Yeah, the compiler does not appropriately support this, and will actively disallow this recursion. I'll see if there's a way to get around this, but it just seems impossible for now.
Furthermore, when appending two tuples, there is no way to strongly type the length of the result, which is also a problem.
Well, there is another hack that can be used to get around the limit on self-referential recursive types: using index types.

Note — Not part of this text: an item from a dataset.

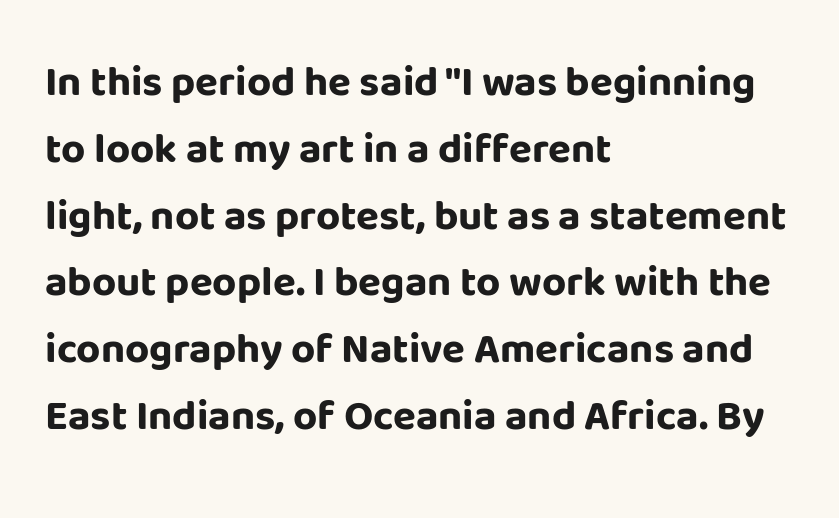
The image shows 42 px bold sans-serif type, upright; set left-aligned, normal line spacing (1.59x), normal letter spacing, not underlined; low stroke contrast and a large x-height.

// The first type in the tuple, or 'never' if it does not exist
type Head<T extends any[]> = T extends [infer Head, ...any[]] ? Head : never;
// All elements after the head in the tuple, or 'never' if it does not exist
type Tail<T extends any[]> =
((...args: T) => any) extends ((head: any, ...tail: infer Tail) => any) ? Tail : never;
// The last type in the tuple, or 'never' if it does not exist
type Last<T extends any[]> = {
0: Last<Tail<T>>;
1: Head<T>;
}[T extends ([] | [any]) ? 1 : 0];
Furthermore, only simple recursion is allowed in the above hack; you may use an accumulator, but you may not use the result of a recursion. That is, recursive type constructions must be tail recursive.

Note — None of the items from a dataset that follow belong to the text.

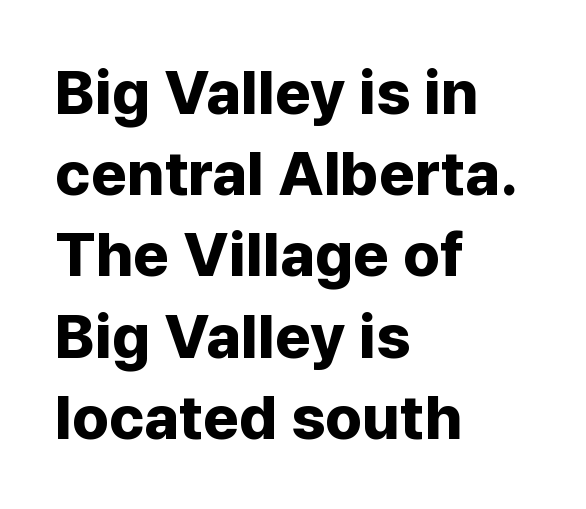
Q: Is the text bold? A: Yes.
Q: Is the text italic (slanted)? A: No, it is upright.
Q: Is the typeface a serif or a sans-serif typeface? A: Sans-serif.
Q: Is the text underlined? A: No.
Q: How is the paragraph aligned? A: Left-aligned.
Q: Is the spacing between letters normal or unusually wide? A: Normal.
Q: Is the spacing between lines tight, normal or loose? A: Normal.
Q: Width (condensed, normal, or wide)? A: Normal.
Q: Stroke contrast? A: Low.
Q: x-height? A: Medium.
Q: Monospaced? A: No.
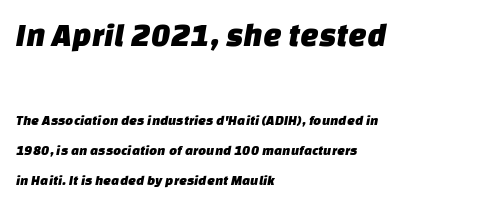
{"serif": "no", "width": "normal", "stroke_contrast": "low", "x_height": "large", "monospaced": "no", "underline": "no", "align": "left", "line_spacing": "loose", "line_spacing_ratio": 2.12, "letter_spacing": "normal", "letter_spacing_em": 0.0, "larger_block": "first", "size_ratio": 2.36, "glyph_px": 33}
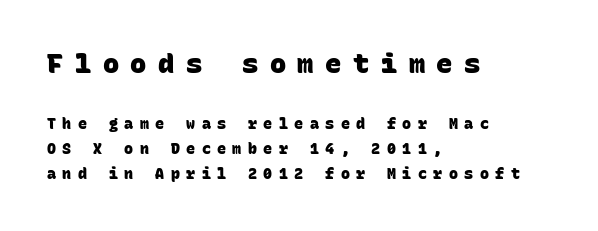
{"bold": "yes", "underline": "no", "align": "left", "line_spacing": "normal", "line_spacing_ratio": 1.68, "letter_spacing": "wide", "letter_spacing_em": 0.43, "larger_block": "first", "size_ratio": 1.8, "glyph_px": 27}

For example, the following type will not work:
// Can't recurse directly
type Snoc<A, T extends any[]> =
T extends []
? [A]
: T extends [any]
? [Head<T>, A]
: Cons<Head<T>, Snoc<A, Tail<T>>>;
// Also doesn't work
type Snoc<A, T extends any[], Suffix extends any[] = []> =
T extends []
? Cons<A, Suffix>
: T extends [any]
? Cons<Head<T>, Cons<A, Suffix>>
: Snoc<A, Tail<T>, Cons<Head<T>, Suffix>>;
// Not direct recursion, but not tail recursive:
type Snoc<A, T extends any[]> = {
0: [A];
1: Cons<Head<T>, Snoc<A, Tail<T>>>;
2: [Head<T>, A];
}[IfEmpty<T, 0, IfHasTail<T, 1, 2>>];
// Works!
type Snoc<A, T extends any[], Suffix extends any[] = []> = {
0: Cons<A, Suffix>;
1: Snoc<A, Tail<T>, Cons<Head<T>, Suffix>>;
2: Cons<Head<T>, Cons<A, Suffix>>;
}[IfEmpty<T, 0, IfHasTail<T, 1, 2>>];
Now, we need a tail-recursive implementation of append
with an accumulator. To do this, we reverse the input list, and then reverse it again, but onto the second list:
append :: [a] -> [a] -> [a]
append xs ys = go (reverse xs) ys
where
go (x:xs) acc = go xs (x:acc)
go [] acc = acc
Then, we just need to define a type Reverse<T extends any[], Suffix extends any[] = []>
using the above methods, and Append
should follow naturally.
Finally, with some additional handling for finiteness:
type Reverse<T extends any[], Suffix extends any[] = []> = {
0: Suffix;
1: Reverse<Tail<T>, Cons<Head<T>, Suffix>>;
2: Cons<Head<T>, Suffix>;
3: T;
}[IfEmpty<T, 0, IfFinite<T, IfHasTail<T, 1, 2>, 3>>];
type Append<T extends any[], S extends any[]> = {
0: S;
1: Reverse<Reverse<T>, S>;
2: Cons<Head<T>, S>;
3: never;
}[IfEmpty<T, 0, IfFinite<T, IfHasTail<T, 1, 2>, 3>>];
Note that it's possible to allow for Append<T, S>
to be T
if it is an infinite array type, but this could be surprising to anyone expecting it to be one or more elements of type T extends (infer E)[] ? E : never
followed by S
.
Looking back, this can't be done nicely without some form of value-level inference, to map from a tuple type to its length. For example, Haskell uses typeclasses for this, and while you could do it in TypeScript, you would not be able to infer the correct instances, and would end up manually passing the equivalent of a successor-encoded natural number.
It would be nice to be able to concatenate two (and by extension, any list of, under concatenation and
anEmptyList
) tuple schemas. It would also be nice to be able to use an array schema like a varargs, and be able to compose a tuple and array schema to represent a tuple followed by zero or more elements of a certain type.